Extracted data entries:
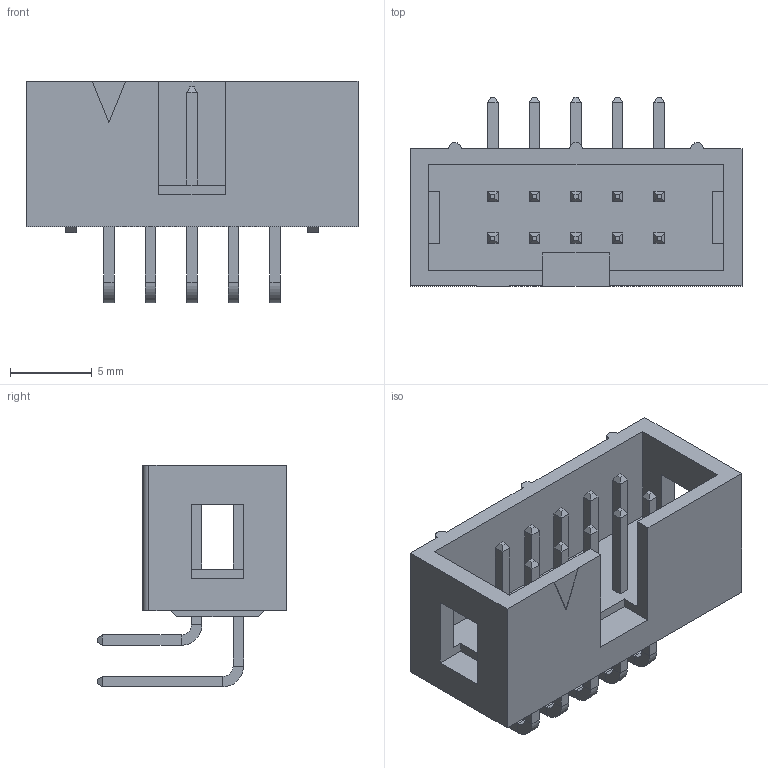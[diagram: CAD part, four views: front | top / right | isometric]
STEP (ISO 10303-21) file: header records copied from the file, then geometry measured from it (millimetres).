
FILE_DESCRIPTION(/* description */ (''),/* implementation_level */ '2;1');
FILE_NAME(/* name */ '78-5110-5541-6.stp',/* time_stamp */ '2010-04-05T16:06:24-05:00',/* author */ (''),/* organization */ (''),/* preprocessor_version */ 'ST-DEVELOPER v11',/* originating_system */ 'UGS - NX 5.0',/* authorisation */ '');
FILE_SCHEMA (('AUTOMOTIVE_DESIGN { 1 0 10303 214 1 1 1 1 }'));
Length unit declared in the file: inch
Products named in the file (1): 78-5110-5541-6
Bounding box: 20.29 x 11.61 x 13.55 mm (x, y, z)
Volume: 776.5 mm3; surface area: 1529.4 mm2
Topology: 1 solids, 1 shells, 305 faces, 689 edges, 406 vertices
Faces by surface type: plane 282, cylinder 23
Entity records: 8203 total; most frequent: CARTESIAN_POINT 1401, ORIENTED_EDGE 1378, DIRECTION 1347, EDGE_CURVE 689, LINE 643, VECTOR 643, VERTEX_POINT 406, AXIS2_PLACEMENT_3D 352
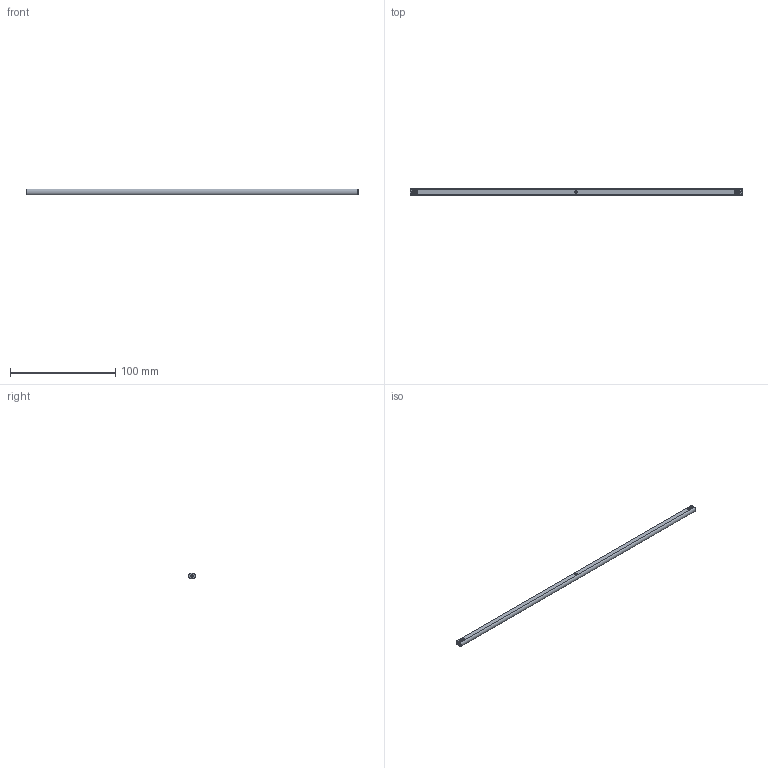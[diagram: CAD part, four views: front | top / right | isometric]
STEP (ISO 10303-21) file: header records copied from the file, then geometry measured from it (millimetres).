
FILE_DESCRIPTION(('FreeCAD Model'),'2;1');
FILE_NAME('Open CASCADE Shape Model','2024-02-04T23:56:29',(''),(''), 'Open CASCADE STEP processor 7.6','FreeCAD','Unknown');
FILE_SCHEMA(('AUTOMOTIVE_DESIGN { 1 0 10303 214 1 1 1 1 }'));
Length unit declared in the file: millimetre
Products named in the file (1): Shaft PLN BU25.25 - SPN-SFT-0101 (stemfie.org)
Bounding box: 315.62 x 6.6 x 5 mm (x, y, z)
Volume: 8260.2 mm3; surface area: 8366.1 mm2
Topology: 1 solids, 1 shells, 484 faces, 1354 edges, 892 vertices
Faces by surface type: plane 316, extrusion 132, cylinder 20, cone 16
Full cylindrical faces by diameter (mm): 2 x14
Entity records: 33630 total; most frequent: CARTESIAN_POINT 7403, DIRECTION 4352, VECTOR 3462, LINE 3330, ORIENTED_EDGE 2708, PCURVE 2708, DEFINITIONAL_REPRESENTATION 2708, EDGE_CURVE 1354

» **Required action**
The entries above are to be printed again word for word, with every picture removed.

» **Answer area**
[diagram: CAD part, four views: front | top / right | isometric]
STEP (ISO 10303-21) file: header records copied from the file, then geometry measured from it (millimetres).
FILE_DESCRIPTION(/* description */ (''),/* implementation_level */ '2;1');
FILE_NAME(/* name */ '78-5110-5541-6.stp',/* time_stamp */ '2010-04-05T16:06:24-05:00',/* author */ (''),/* organization */ (''),/* preprocessor_version */ 'ST-DEVELOPER v11',/* originating_system */ 'UGS - NX 5.0',/* authorisation */ '');
FILE_SCHEMA (('AUTOMOTIVE_DESIGN { 1 0 10303 214 1 1 1 1 }'));
Length unit declared in the file: inch
Products named in the file (1): 78-5110-5541-6
Bounding box: 20.29 x 11.61 x 13.55 mm (x, y, z)
Volume: 776.5 mm3; surface area: 1529.4 mm2
Topology: 1 solids, 1 shells, 305 faces, 689 edges, 406 vertices
Faces by surface type: plane 282, cylinder 23
Entity records: 8203 total; most frequent: CARTESIAN_POINT 1401, ORIENTED_EDGE 1378, DIRECTION 1347, EDGE_CURVE 689, LINE 643, VECTOR 643, VERTEX_POINT 406, AXIS2_PLACEMENT_3D 352
[diagram: CAD part, four views: front | top / right | isometric]
STEP (ISO 10303-21) file: header records copied from the file, then geometry measured from it (millimetres).
FILE_DESCRIPTION(('FreeCAD Model'),'2;1');
FILE_NAME('Open CASCADE Shape Model','2024-02-04T23:56:29',(''),(''), 'Open CASCADE STEP processor 7.6','FreeCAD','Unknown');
FILE_SCHEMA(('AUTOMOTIVE_DESIGN { 1 0 10303 214 1 1 1 1 }'));
Length unit declared in the file: millimetre
Products named in the file (1): Shaft PLN BU25.25 - SPN-SFT-0101 (stemfie.org)
Bounding box: 315.62 x 6.6 x 5 mm (x, y, z)
Volume: 8260.2 mm3; surface area: 8366.1 mm2
Topology: 1 solids, 1 shells, 484 faces, 1354 edges, 892 vertices
Faces by surface type: plane 316, extrusion 132, cylinder 20, cone 16
Full cylindrical faces by diameter (mm): 2 x14
Entity records: 33630 total; most frequent: CARTESIAN_POINT 7403, DIRECTION 4352, VECTOR 3462, LINE 3330, ORIENTED_EDGE 2708, PCURVE 2708, DEFINITIONAL_REPRESENTATION 2708, EDGE_CURVE 1354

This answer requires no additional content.